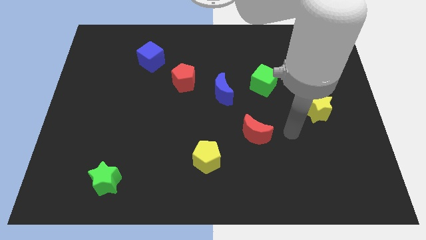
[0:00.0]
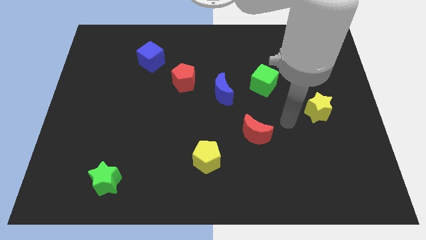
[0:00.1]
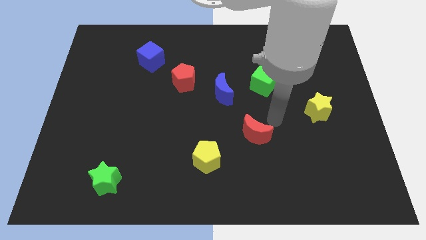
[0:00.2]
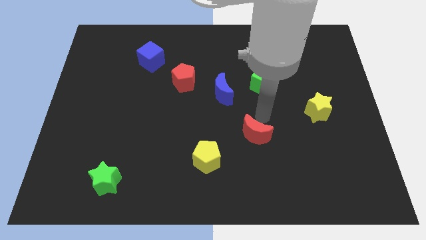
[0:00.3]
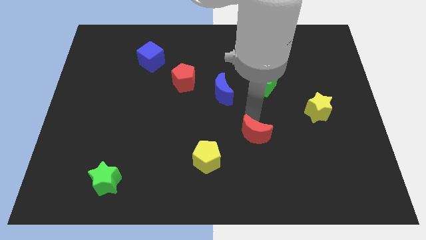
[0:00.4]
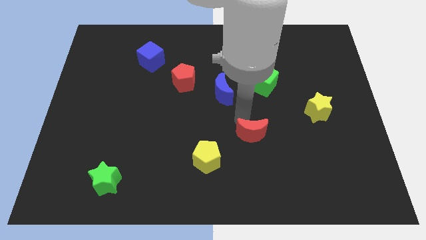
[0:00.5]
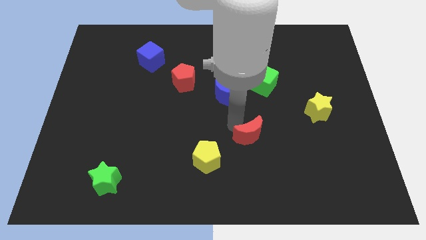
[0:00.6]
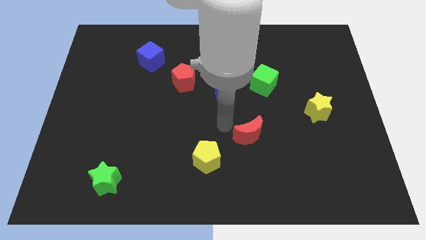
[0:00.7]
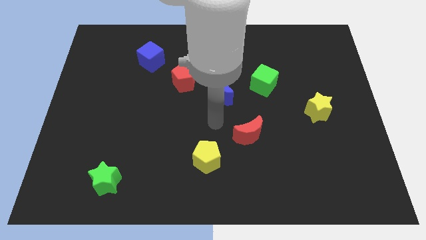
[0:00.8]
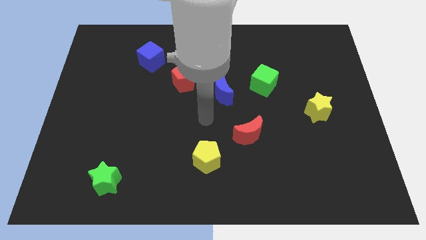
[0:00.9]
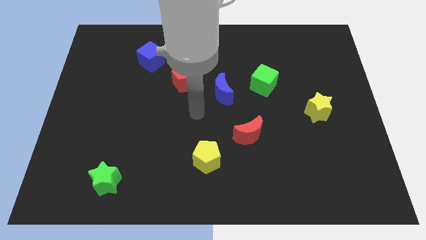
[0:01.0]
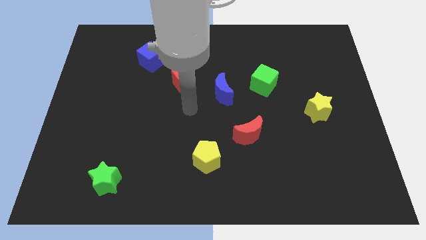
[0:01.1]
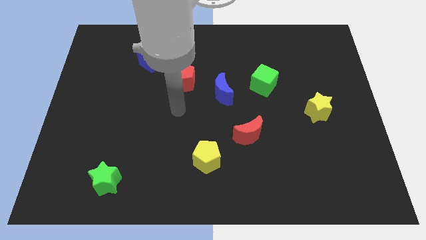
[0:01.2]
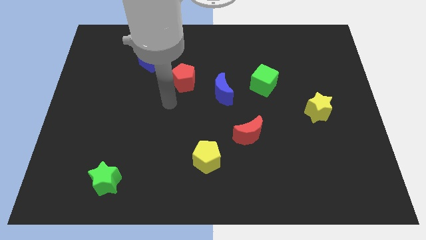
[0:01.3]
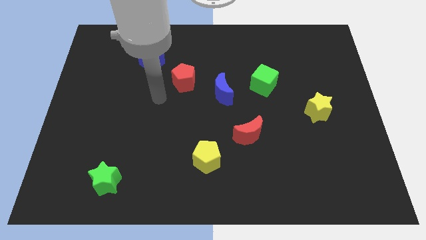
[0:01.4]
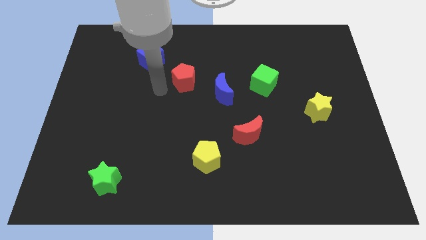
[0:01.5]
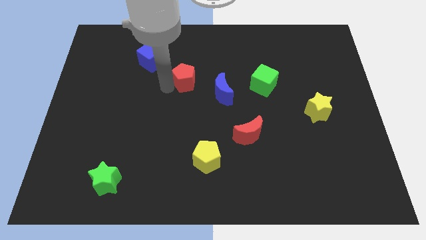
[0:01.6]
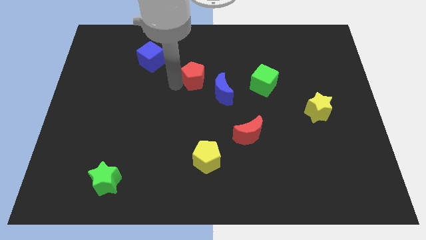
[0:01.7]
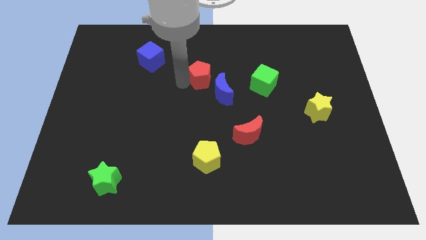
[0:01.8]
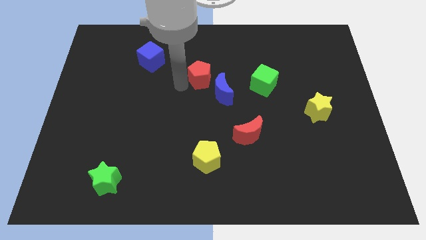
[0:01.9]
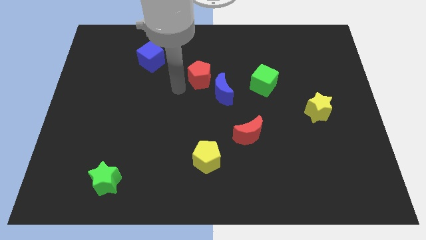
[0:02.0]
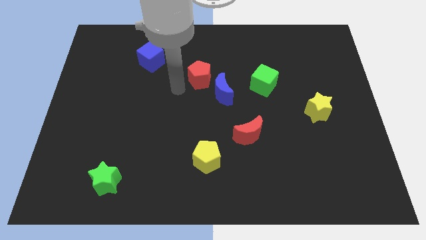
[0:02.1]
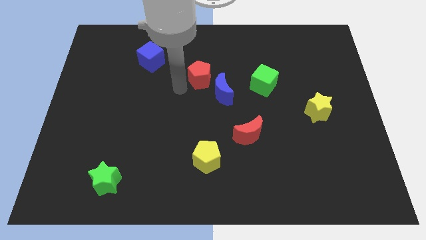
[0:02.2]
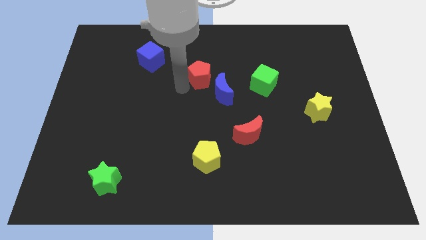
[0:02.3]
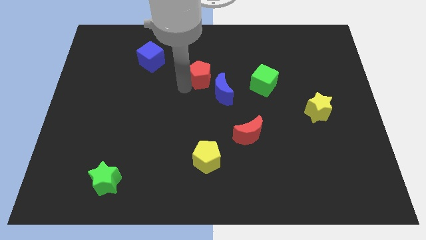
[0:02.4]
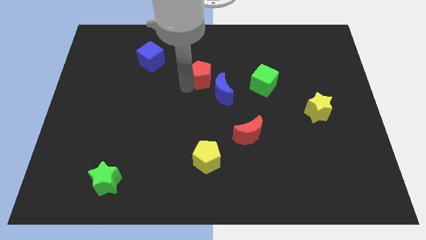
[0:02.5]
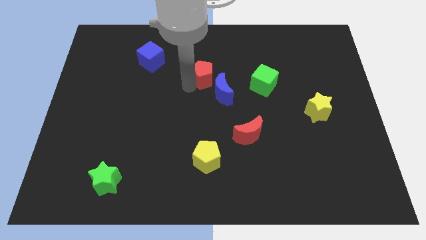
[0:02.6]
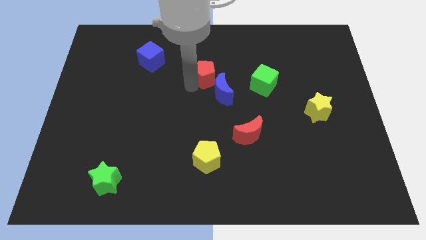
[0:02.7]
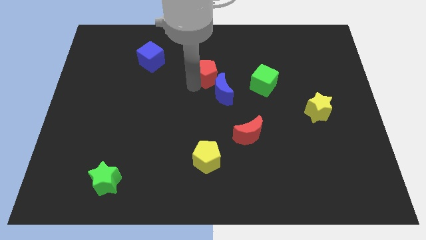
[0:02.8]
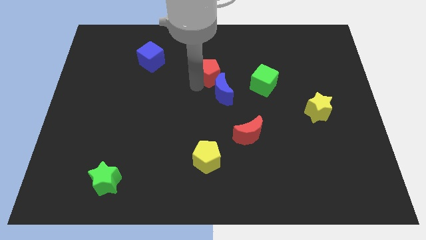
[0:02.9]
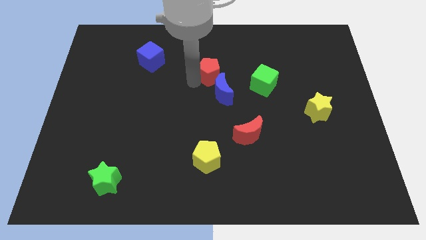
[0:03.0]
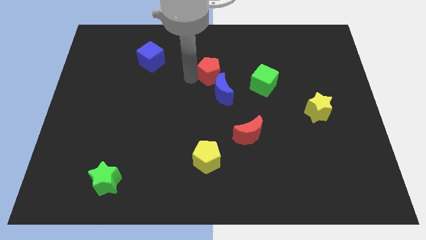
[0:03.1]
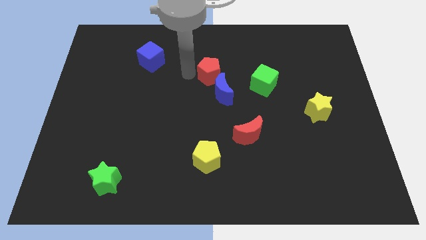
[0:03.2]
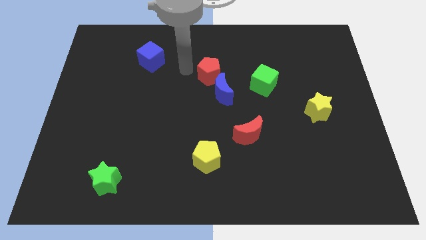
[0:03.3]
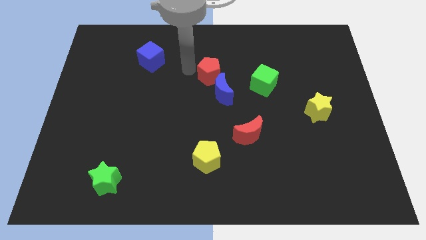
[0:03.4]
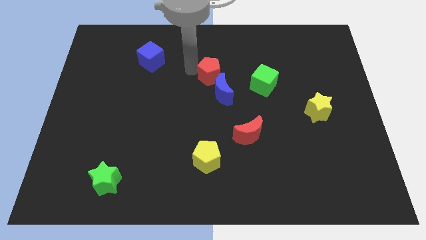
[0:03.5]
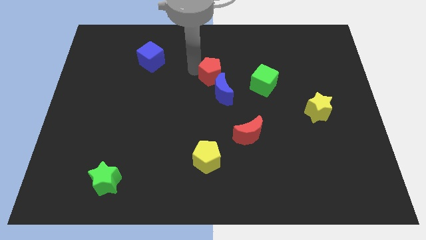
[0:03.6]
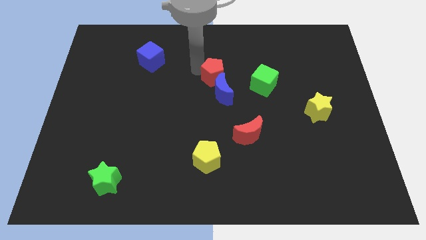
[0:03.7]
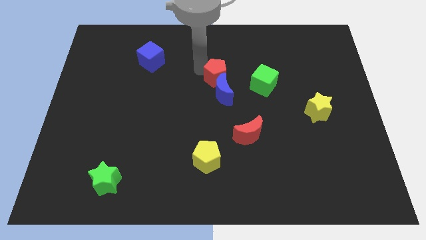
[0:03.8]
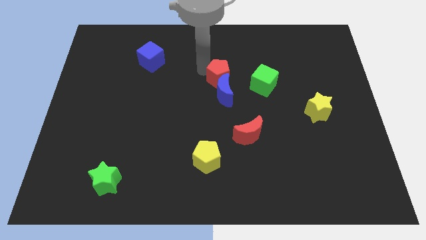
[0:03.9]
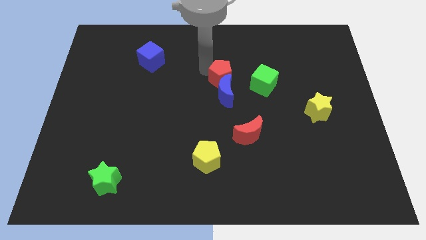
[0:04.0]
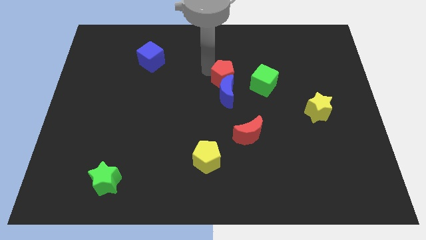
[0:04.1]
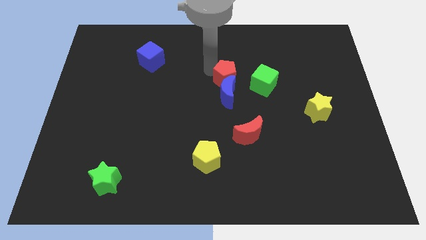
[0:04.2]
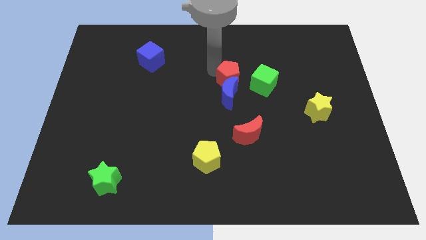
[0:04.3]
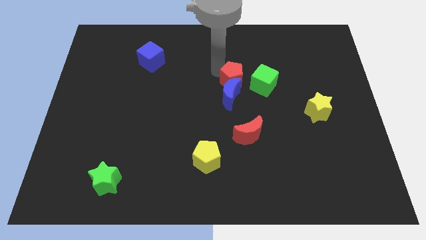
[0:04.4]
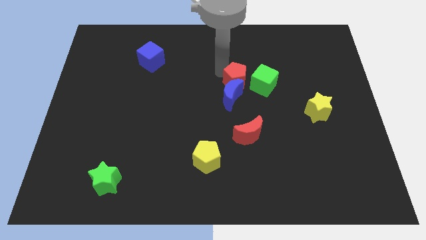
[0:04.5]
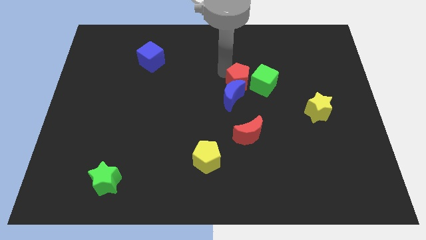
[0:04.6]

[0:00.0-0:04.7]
push the red pentagon to the green cube

* * *

### WORK REQUIRED
In the copy, include every record exactly and no pictures at all.

### EXERCISE RESPONSE
[0:00.0]
[0:00.1]
[0:00.2]
[0:00.3]
[0:00.4]
[0:00.5]
[0:00.6]
[0:00.7]
[0:00.8]
[0:00.9]
[0:01.0]
[0:01.1]
[0:01.2]
[0:01.3]
[0:01.4]
[0:01.5]
[0:01.6]
[0:01.7]
[0:01.8]
[0:01.9]
[0:02.0]
[0:02.1]
[0:02.2]
[0:02.3]
[0:02.4]
[0:02.5]
[0:02.6]
[0:02.7]
[0:02.8]
[0:02.9]
[0:03.0]
[0:03.1]
[0:03.2]
[0:03.3]
[0:03.4]
[0:03.5]
[0:03.6]
[0:03.7]
[0:03.8]
[0:03.9]
[0:04.0]
[0:04.1]
[0:04.2]
[0:04.3]
[0:04.4]
[0:04.5]
[0:04.6]

[0:00.0-0:04.7]
push the red pentagon to the green cube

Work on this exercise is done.